Caretaker Foreign Minister Gebran Bassil Tuesday pressed Arab nations to step up and help the Palestinian people, during an urgent meeting of Arab foreign ministers in Cairo, a statement from the ministry said.
According to Bassil, the Palestinian cause was getting bleaker, and the support of Arab nations was weakening with every meeting he attended. In particular, Bassil chastised Arab nations for their “silence” surrounding U.S. President Donald Trump’s assertion that his administration will come up with "the deal of the century" to solve the decades-old Israel-Palestine conflict.
The naming of Jerusalem as Israel’s capital amounts to the “rape of Jerusalem,” Bassil said, and although it had been initiated by an American decision, it was met with international silence and Arab incompetence. Israel’s decision to declare a Jewish state, he continued, jeopardizes the fate of Palestinians inside the country, forcing them to emigrate.

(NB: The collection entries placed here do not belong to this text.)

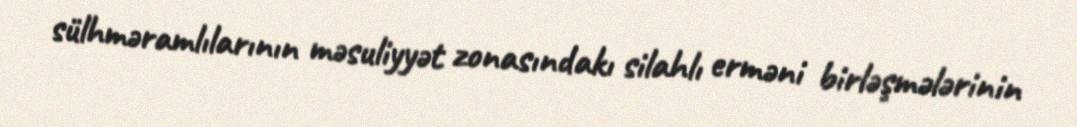
sülhməramlılarının məsuliyyət zonasındakı silahlı erməni birləşmələrinin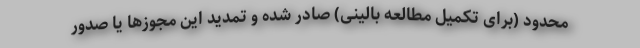
محدود (برای تکمیل مطالعه بالینی) صادر شده و تمدید این مجوزها یا صدور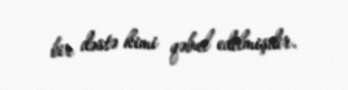
bir dəstə kimi qəbul edilmişdir.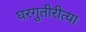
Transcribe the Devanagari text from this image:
घरगुतीरीत्या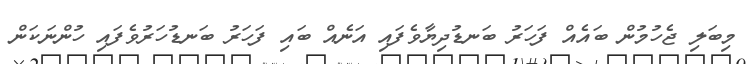
މިބަލި ޖެހުމުން ބައެއް ފަހަރު ބަނޑުދިޔާވެފައި އަނެއް ބައި ފަހަރު ބަނޑުހަރުވެފައި ހުންނަކަން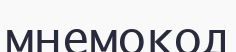
мнемокод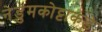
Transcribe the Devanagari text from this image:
नेडुमकोट्टाकडे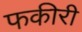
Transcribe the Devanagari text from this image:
फकीरी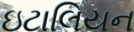
ઇટાલિયન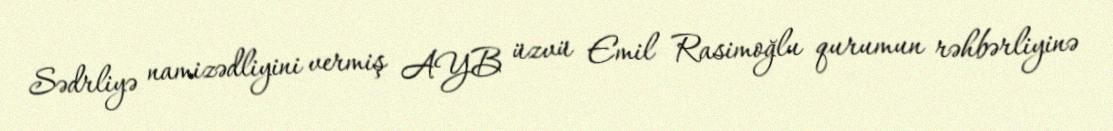
Sədrliyə namizədliyini vermiş AYB üzvü Emil Rasimoğlu qurumun rəhbərliyinə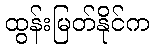
ထွန်းမြတ်နိုင်က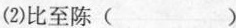
(2)\underset{·}{比}至陈( )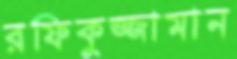
রফিকুজ্জামান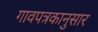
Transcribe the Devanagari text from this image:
गावपत्रकानुसार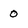
Character: 0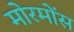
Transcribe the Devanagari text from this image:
मोरमोंस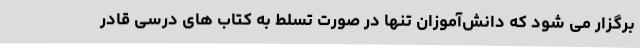
برگزار می شود که دانش‌آموزان تنها در صورت تسلط به کتاب های درسی قادر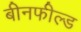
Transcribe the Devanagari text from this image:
बीनफील्ड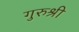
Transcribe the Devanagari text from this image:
गुरुश्री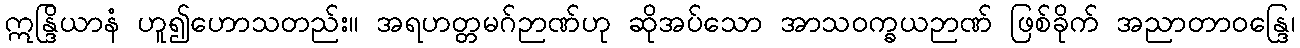
ဣန္ဒြိယာနံ ဟူ၍ဟောသတည်း။ အရဟတ္တမဂ်ဉာဏ်ဟု ဆိုအပ်သော အာသဝက္ခယဉာဏ် ဖြစ်ခိုက် အညာတာဝန္ဒြေ၊

Bassil also addressed the recent American decision to cut funding to the United Nations agency for Palestinian refugees, or UNRWA, as a new step toward blocking Palestinians’ right of return, keeping refugees in their host countries and “burying their cause forever.”

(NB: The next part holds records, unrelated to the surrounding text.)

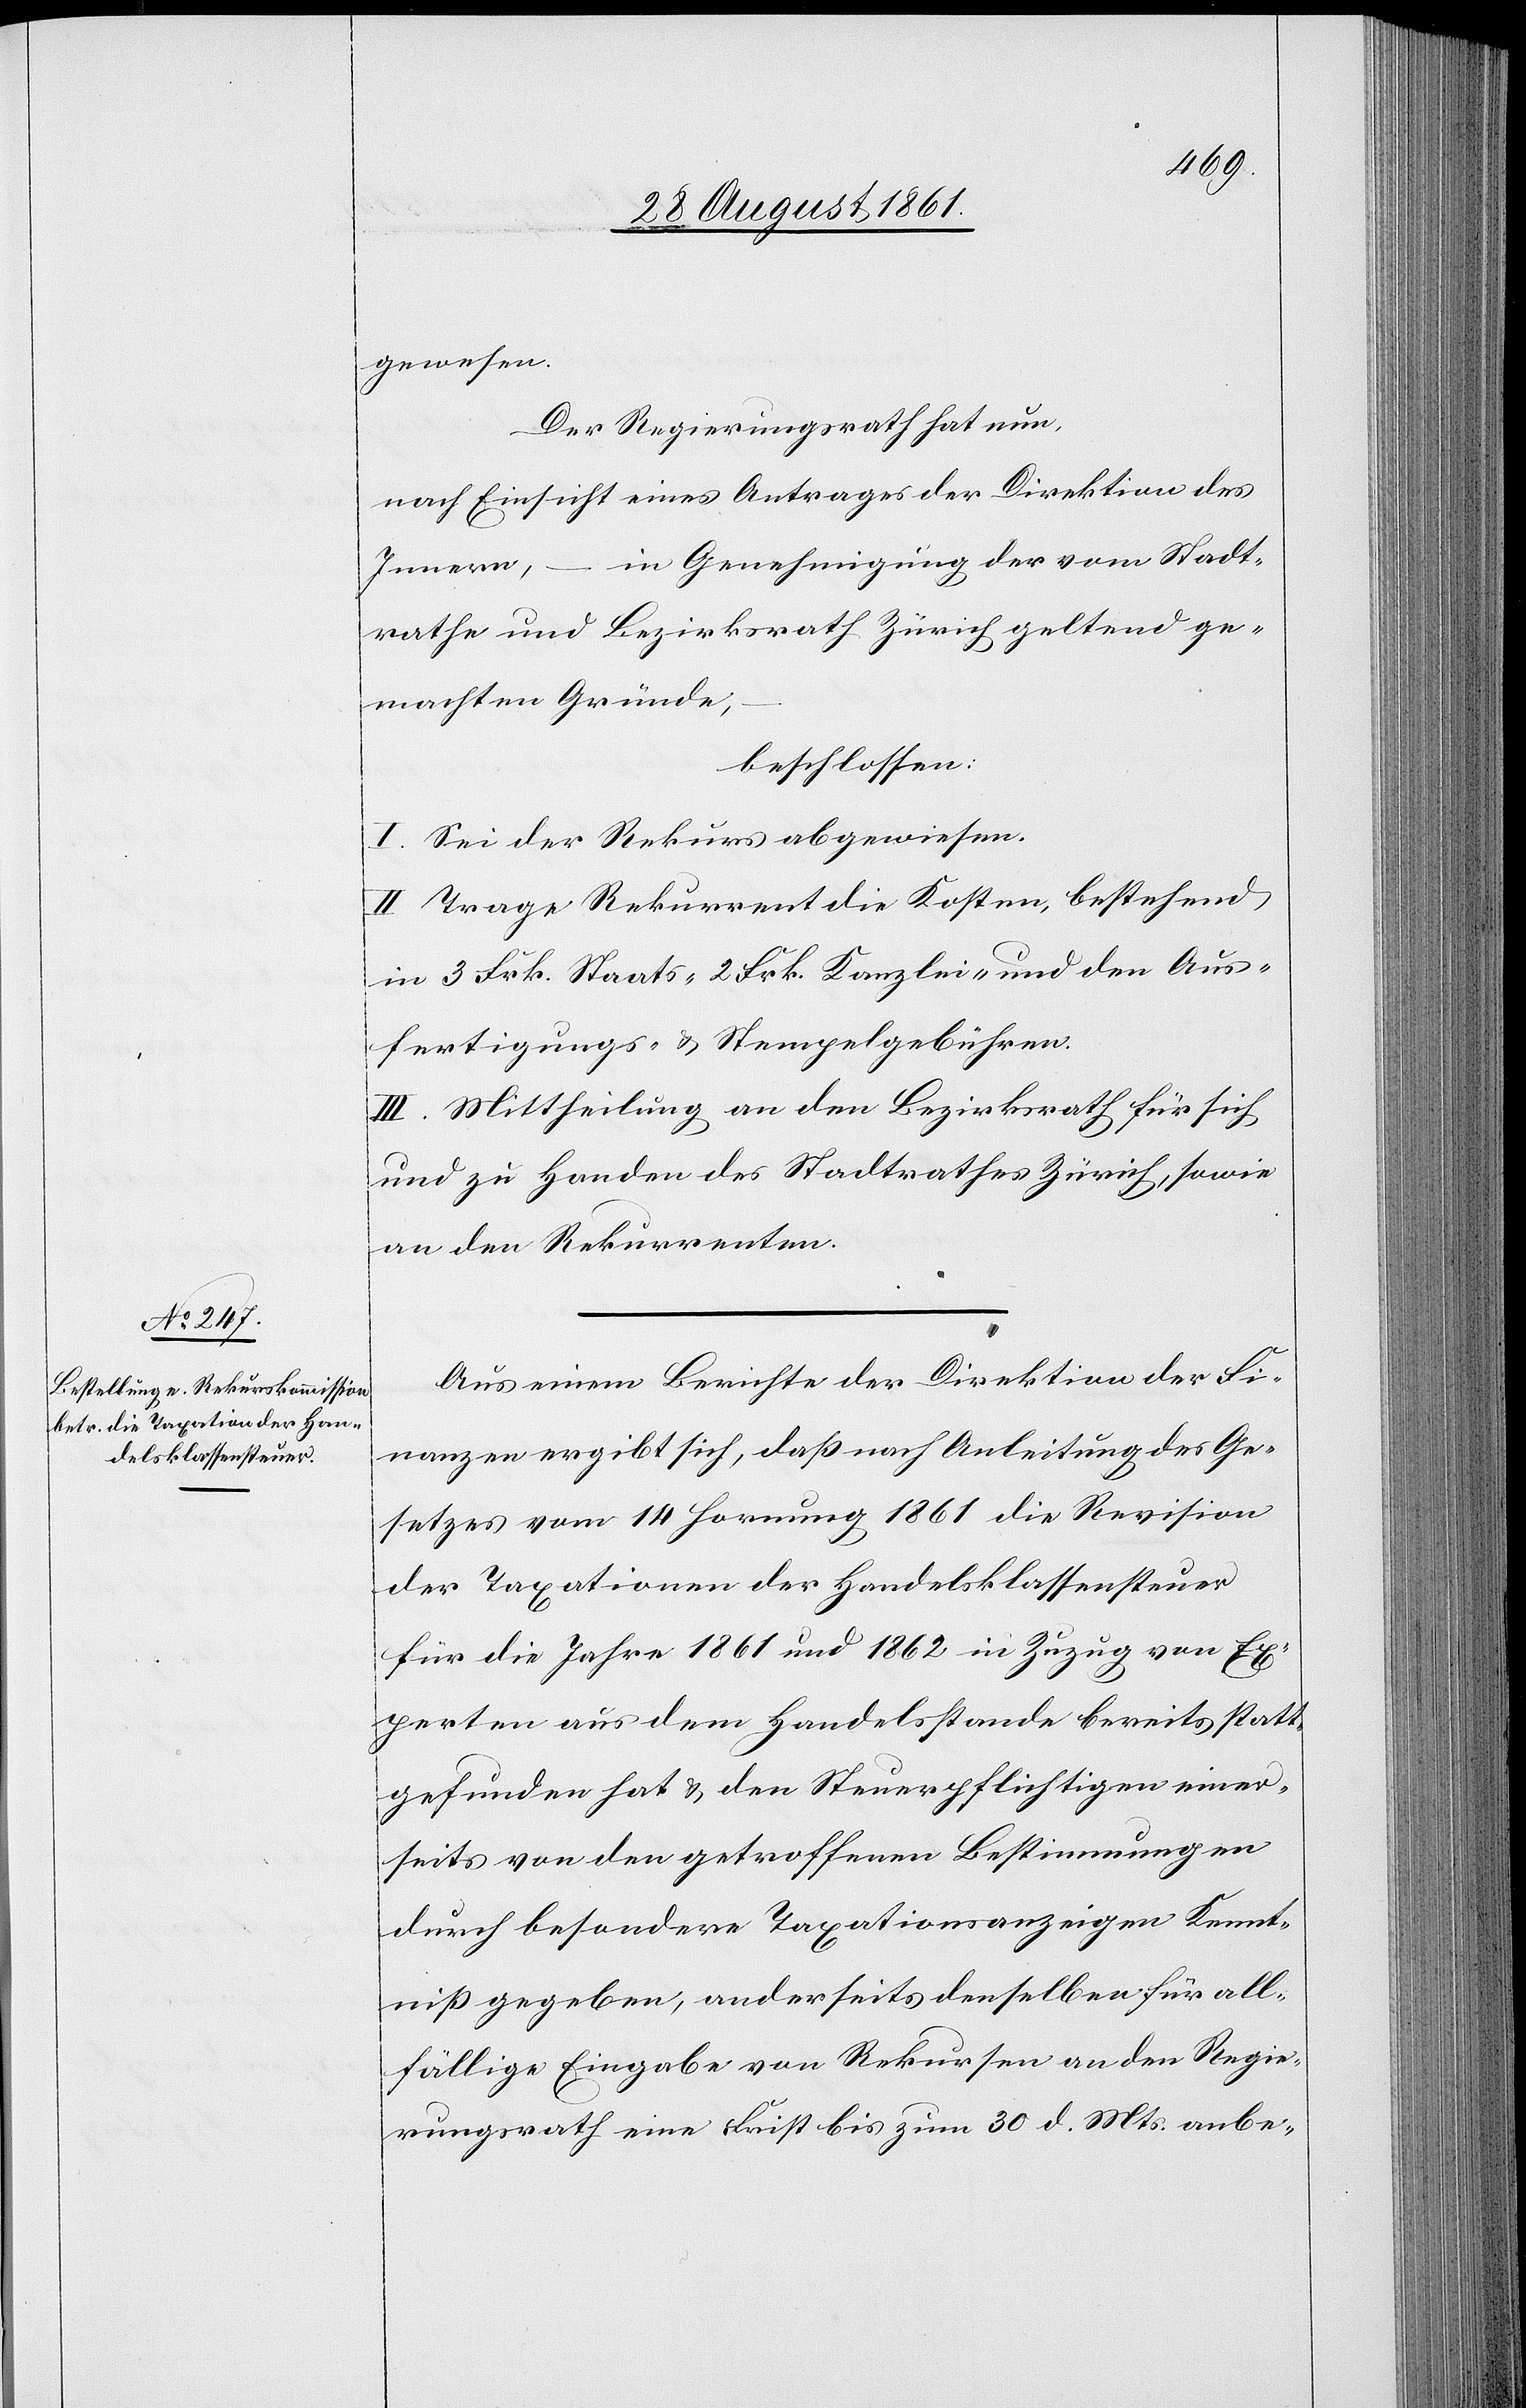
gewesen.
Der Regierungsrath hat nun,
nach Einsicht eines Antrages der Direktion des
Innern, – in Genehmigung der vom Stadt¬
rathe und Bezirksrath Zürich geltend ge¬
machten Gründe,
beschlossen:
I. Sei der Rekurs abgewiesen.
II. Trage Rekurrent die Kosten, bestehend
in 3 Frk. Staats-[,] 2 Frk. Kanzlei- und den Aus¬
fertigungs- u. Stempelgebühren.
III. Mittheilung an den Bezirksrath für sich
und zu Handen des Stadtrathes Zürich, sowie
an den Rekurrenten.
Aus einem Berichte der Direktion der Fi¬
nanzen ergibt sich, daß nach Ausarbeitung des Ge¬
setzes vom 14 Hornung 1861 die Revision
der Taxationen der Handelsklassensteuer
für die Jahre 1861 und 1862 in Zuzug von Ex¬
perten aus dem Handelsstande bereits statt¬
gefunden hat u. den Steuerpflichtigen einer¬
seits von den getroffenen Bestimmungen
durch besondere Taxationsanzeigen Kennt¬
niß gegeben, anderseits denselben für all¬
fällige Eingabe von Rekursen an den Regie¬
rungsrath eine Frist bis zum 30 d. Mts. anbe-

Such decisions, Bassil went on, aim to eliminate a two-state solution and replace the idea of peace with that of surrender. Bassil questioned whether Arab states intend to remain idle or take action to make up for the financial deficit left by America’s decision, referring to it as a “humanitarian and moral duty.”

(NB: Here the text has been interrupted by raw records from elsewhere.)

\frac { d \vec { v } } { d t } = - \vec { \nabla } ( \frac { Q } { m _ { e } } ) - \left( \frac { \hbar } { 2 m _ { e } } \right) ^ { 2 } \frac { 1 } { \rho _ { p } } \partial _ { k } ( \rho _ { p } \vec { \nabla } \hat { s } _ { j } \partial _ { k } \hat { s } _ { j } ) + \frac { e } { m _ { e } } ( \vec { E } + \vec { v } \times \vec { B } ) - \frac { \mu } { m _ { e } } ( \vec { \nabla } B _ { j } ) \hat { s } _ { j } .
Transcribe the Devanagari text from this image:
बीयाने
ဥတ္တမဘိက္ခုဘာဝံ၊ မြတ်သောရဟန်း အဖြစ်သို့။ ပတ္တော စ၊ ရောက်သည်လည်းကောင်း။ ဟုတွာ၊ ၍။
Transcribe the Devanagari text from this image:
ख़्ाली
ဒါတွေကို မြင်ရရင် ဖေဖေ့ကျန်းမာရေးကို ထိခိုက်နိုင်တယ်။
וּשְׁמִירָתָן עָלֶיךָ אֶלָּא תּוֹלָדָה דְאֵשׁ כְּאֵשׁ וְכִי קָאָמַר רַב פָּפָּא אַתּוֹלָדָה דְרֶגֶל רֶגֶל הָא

Seeing Lebanon and the other Arab countries “paying the price with their dignity, economy and belonging” caused him pain, he conceded.
But, he went on, “I see a positive opportunity to take the initiative and make a decision to restore the Arab role, and not abandon it in Palestine as is happening now in Syria.”
He said the Lebanese people have avoided the naturalization of refugees, as per their Constitution, and yet also tried to fulfill “our humanitarian duties in accommodating any diaspora and our national duty to preserve our [social] fabric.”
Lebanon has borne the political, economic and social costs of the Palestinian refugees who have come to the country since 1948, Bassil said. He credited UNRWA for working to alleviate suffering, but said that it had fallen short of covering all the financial burdens, which eventually became the responsibility of the Lebanese state.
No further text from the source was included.